Êtes-vous plus riches? êtes-vous plus heureux?—Pas plus riches et moins heureux.—Il entre beaucoup plus d'argent chez nous, mais ce n'est pas, tant s'en faut, pour tout le monde.—C'est pour quelques mareyeurs et pour quelques marchands qui nous exploitent. Avant le chemin de fer, notre pêche et notre gibier, qui étaient abondants, ne pouvaient se consommer et se vendre que dans un très petit rayon;—il se vendait très bon marché, mais nous en mangions tant que nous voulions, et on en donnait aux plus pauvres. Aujourd'hui,—ça se vend cher à une grande distance, mais ce n'est pas nous qui le vendons au dehors;—nous le vendons, il est vrai, plus cher chez nous, mais nous n'en mangeons plus et nous ne pouvons plus en donner.
Il vient ici des étrangers passer une saison. Comme ce sont des gens riches, on leur fait tout payer plus cher,—et ces prix, une fois établis, nous devons les subir comme les étrangers et les riches.—De plus, il s'est ouvert des cafés, des casinos où nos jeunes gens dépensent leur argent et leur santé.—Nos femmes et nos filles ne veulent plus ramender, raccommoder nos filets;—les plus modestes se font couturières, beaucoup se font institutrices;—beaucoup profitent des chemins de fer pour aller se faire servantes en quelque grande ville;—aucunes ne veulent plus s'habiller comme leurs mères,—elles se déguisent en dames et en demoiselles.
Nous ne sommes pas plus riches, tant s'en faut, et nous sommes surtout moins heureux, et quelques-uns moins honnêtes.
Avant les chemins de fer, le Parisien sortait peu de sa ville;—parfois, le dimanche, à une campagne voisine, à Romainville au temps des lilas;—à Saint-Cloud, lors de la fête annuelle; à Saint-Denis, pour manger une friture en famille, etc.
On vivait et on mourait dans le quartier où on était né.

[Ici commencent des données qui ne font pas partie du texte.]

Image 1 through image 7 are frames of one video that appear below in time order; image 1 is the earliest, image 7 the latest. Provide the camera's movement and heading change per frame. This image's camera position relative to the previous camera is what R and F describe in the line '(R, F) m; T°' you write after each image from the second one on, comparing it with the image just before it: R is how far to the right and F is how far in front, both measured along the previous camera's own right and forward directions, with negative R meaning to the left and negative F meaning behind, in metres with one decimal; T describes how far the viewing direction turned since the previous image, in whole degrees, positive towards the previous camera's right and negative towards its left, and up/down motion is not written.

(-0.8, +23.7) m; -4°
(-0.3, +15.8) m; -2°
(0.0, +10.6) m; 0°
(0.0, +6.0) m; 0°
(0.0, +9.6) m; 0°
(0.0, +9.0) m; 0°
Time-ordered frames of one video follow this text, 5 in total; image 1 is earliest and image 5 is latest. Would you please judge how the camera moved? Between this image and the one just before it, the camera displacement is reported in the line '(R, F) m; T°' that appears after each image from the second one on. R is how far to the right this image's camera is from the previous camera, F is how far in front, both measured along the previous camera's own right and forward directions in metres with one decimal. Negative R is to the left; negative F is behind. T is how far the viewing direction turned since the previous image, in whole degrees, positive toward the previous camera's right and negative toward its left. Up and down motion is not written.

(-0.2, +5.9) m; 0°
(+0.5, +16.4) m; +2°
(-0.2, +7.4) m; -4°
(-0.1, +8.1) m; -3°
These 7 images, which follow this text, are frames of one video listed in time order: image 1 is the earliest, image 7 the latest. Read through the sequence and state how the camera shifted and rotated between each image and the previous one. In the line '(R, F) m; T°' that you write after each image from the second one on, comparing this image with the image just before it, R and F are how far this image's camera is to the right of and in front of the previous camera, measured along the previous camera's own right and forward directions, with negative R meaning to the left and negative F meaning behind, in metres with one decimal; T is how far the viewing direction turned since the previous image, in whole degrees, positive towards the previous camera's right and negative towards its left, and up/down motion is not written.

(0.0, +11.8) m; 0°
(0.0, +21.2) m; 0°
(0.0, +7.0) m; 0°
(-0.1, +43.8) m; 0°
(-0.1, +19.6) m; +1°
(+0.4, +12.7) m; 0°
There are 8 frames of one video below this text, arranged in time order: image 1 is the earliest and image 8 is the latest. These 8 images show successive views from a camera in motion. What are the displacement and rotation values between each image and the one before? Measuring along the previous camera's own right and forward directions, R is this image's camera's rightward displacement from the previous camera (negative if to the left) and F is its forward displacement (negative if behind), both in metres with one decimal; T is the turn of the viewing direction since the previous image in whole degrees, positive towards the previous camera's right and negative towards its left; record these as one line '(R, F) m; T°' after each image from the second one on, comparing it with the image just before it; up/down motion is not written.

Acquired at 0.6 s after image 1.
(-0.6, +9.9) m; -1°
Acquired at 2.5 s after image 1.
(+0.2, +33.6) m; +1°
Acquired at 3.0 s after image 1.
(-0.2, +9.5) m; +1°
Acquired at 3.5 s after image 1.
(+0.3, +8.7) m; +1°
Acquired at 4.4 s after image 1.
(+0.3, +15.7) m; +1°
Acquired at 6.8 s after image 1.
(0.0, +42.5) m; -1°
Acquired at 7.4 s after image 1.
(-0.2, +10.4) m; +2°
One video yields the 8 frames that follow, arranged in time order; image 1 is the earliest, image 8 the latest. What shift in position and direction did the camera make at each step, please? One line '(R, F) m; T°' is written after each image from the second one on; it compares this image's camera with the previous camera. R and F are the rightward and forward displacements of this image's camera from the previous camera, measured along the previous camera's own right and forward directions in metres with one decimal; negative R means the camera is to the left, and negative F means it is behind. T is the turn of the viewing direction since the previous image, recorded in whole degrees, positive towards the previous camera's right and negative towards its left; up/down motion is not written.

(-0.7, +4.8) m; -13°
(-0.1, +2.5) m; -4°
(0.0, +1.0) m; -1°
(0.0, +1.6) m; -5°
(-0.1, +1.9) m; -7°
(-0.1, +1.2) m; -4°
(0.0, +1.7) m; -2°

On avait pour voisins un ou deux amis, camarades d'enfance et d'école;—on s'était toujours vu, on ne se perdait pas de vue, on s'arrangeait pour loger dans la même rue ou, du moins, dans le même quartier.—On n'essayait pas, ce qui, d'ailleurs, n'eût pas réussi, de se faire croire plus riche qu'on n'était, le vieil ami savait votre situation et vos affaires comme vous saviez les siennes; on s'était mutuellement, avec le temps, rendu de petits et quelquefois de grands services; on mangeait parfois ensemble sans cérémonie, sans apparat.—Si l'un avait tué un lièvre, si l'autre avait pêché un bon poisson ou reçu un pâté, on appelait la famille amie,—on régalait ses amis, on ne s'évertuait pas à les «épater», comme on dit aujourd'hui.
On épousait une fille qu'on avait connue, qu'on connaissait depuis l'enfance,—dont on savait toute la vie,—le caractère, la famille.
Aujourd'hui, grâce au «progrès», on veut être admiré et envié;—on a des connaissances, des relations;—on ment sur sa fortune, sur sa famille, sur sa situation; pour cela, il ne faut voir que des gens qui vous connaissent peu et depuis peu de temps. D'ailleurs,—en quelques heures de chemin de fer, on se débarrasse d'antécédents fâcheux, d'un nom au moins compromis;—on va aux bains de mer, aux stations d'hiver, où on est comte ou pour le moins baron.
Les mariages se font au hasard entre gens qui ne se connaissent pas—et qui sont souvent fort surpris et fort désappointés quand la connaissance tardive se fait.
Est-ce dans le commerce, dans l'industrie qu'est le «progrès», dans le sens que j'y attache et qui seul est désirable?